The decision to drop the “uncomfortably high” description and the easing bias following the February Board saw the AUD “recover” back to USD 0.95 by early June.
It seems that a combination of strong language and a preparedness to back it up with policy (easing bias) has been the only effective combination to contain the AUD.
Prior to the November Board meeting, the easing bias, on its own, had limited effect. Recently the Governor has used strong language, particularly in the speech on July 3 but, without a supporting policy change there has been little impact.
(To be fair other factors have also been at play. Low volatility encouraging the “carry trade” has also supported the AUD. But of course the disappointment for the RBA since the February board must be further intensified by the 30% fall in the iron ore price since the beginning of the year.)
So with strong language not working independently of a policy shift is there any chance that the Governor could revert back to an easing bias?
There was a modest signal on that issue in the July minutes. Language around the rate outlook was “modified” from “current accommodative stance of policy was likely to be appropriate for some time yet” to “the most prudent course was likely to be a period of stability in interest rates” – arguably an implied shortening of the “on hold” period. The July minutes also excluded the sentence (used in June): “Those uncertainties were likely to take some time to resolve”.
But this subtle change is hardly an easing bias.

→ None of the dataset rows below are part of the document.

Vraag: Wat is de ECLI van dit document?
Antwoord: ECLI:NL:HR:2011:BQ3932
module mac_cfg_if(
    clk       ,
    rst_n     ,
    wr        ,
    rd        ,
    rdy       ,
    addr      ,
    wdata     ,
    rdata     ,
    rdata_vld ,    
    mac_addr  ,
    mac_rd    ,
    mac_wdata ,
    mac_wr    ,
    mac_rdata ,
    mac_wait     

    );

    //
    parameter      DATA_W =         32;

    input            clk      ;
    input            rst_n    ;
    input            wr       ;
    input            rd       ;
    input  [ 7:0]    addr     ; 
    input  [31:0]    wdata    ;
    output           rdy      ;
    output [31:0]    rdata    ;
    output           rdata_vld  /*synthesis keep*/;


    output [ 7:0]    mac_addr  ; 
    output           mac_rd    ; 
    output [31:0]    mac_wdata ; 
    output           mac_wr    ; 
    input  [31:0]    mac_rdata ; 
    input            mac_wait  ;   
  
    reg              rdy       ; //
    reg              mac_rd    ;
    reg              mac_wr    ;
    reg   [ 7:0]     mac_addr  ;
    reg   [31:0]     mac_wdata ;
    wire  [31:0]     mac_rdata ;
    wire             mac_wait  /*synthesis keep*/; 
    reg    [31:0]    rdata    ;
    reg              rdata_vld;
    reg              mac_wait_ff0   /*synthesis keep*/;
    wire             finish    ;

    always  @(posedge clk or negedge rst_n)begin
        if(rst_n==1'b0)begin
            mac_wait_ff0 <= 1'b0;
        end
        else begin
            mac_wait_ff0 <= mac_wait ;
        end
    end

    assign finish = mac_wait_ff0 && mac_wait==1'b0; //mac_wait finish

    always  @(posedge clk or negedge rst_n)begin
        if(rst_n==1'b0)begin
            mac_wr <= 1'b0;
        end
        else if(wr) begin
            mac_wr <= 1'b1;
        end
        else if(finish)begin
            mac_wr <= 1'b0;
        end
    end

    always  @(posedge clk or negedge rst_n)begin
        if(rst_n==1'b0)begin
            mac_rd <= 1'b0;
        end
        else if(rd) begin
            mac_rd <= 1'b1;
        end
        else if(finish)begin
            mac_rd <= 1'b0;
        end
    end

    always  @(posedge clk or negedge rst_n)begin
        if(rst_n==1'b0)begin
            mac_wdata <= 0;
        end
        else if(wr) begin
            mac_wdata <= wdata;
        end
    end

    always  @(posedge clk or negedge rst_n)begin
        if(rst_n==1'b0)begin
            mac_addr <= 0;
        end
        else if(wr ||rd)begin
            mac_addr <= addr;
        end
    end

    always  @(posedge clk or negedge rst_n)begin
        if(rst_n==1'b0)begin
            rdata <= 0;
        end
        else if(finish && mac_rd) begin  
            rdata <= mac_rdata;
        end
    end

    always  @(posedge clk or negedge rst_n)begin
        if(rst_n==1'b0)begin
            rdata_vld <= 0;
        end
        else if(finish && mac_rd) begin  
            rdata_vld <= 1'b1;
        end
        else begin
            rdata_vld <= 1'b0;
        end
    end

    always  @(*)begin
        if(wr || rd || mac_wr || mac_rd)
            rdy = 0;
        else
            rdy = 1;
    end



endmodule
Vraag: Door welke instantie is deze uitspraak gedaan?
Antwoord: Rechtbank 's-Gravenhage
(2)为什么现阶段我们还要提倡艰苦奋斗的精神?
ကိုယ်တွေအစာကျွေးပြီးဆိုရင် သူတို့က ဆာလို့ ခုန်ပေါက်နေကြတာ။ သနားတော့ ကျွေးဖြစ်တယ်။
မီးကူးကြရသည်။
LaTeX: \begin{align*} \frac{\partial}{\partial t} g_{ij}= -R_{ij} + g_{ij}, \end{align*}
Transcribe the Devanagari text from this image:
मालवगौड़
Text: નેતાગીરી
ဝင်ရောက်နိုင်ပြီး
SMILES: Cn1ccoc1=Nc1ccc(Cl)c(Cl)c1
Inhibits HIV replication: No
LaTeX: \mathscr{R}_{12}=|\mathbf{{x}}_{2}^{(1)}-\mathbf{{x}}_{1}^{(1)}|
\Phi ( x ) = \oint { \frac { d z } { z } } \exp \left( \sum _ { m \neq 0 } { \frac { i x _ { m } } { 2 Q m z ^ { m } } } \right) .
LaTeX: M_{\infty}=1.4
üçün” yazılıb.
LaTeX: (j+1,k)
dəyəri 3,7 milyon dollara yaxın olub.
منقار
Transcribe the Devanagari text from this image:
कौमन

To gauge this possibility we can look to the reason why the easing bias and strong language was dropped at the February meeting – underlying inflation printed 0.9% in the December quarter from 0.65% in the September quarter – the sharp increase was attributed to the fall in the AUD in 2013 – the risk was that further falls in the AUD might jeopardise the inflation strategy.
Based on the Bank’s revised inflation forecasts in the February Statement on Monetary Policy we estimate that the Bank expected a print of 0.8% for underlying inflation for the March quarter. It would have been pleasantly surprised with soft 0.55%.
A very low inflation number for the June quarter which prints next week might embolden the Bank to restore its easing bias.
After all the market is now pricing in a 60% probability of a 25 bp rate cut by early 2015 and consumer spending and housing have lost momentum, largely because of the confidence drag from the Federal Budget.
We do not think that the inflation print will be low enough to accommodate that change in strategy.
We are forecasting a 0.7% increase in underlying inflation for the June quarter. That read would see annual underlying inflation at 2.8% for the year to June – firmly in the upper half of the target range and showing no encouraging downward trend.
The best way to assess the December quarter 0.9% print on the trimmed mean (preferred measure of underlying inflation) followed by the 0.5% for the March quarter is that both numbers had some “noise” and the 2 quarter pace of 1.4% is the appropriate way to assess the trend. With the September quarter 2013 printing 0.7% the clear message is that underlying inflation is running at a steady pace of 2.8% – up from 2.3% in the previous year and hardly scope for justifying an easing bias.
Conclusion
The Bank’s experience with “talking down” the AUD points to the need to combine policy with strong language. Next week’s inflation print is unlikely to accommodate that easing bias.
Further attempts by the Governor to talk down the AUD without backing it up with policy are likely to prove as unsuccessful as we have seen in the recent past.
Notwithstanding this rather bleak assessment of the success of “jawboning” policy we do expect the AUD to lose some momentum through 2014 (USD 0.90 “target” for year’s end) in lagged response to the sharp falls in commodity prices in the first half of 2014; some lift in volatility which will discourage carry trades; and around a 5% lift in the USD Index.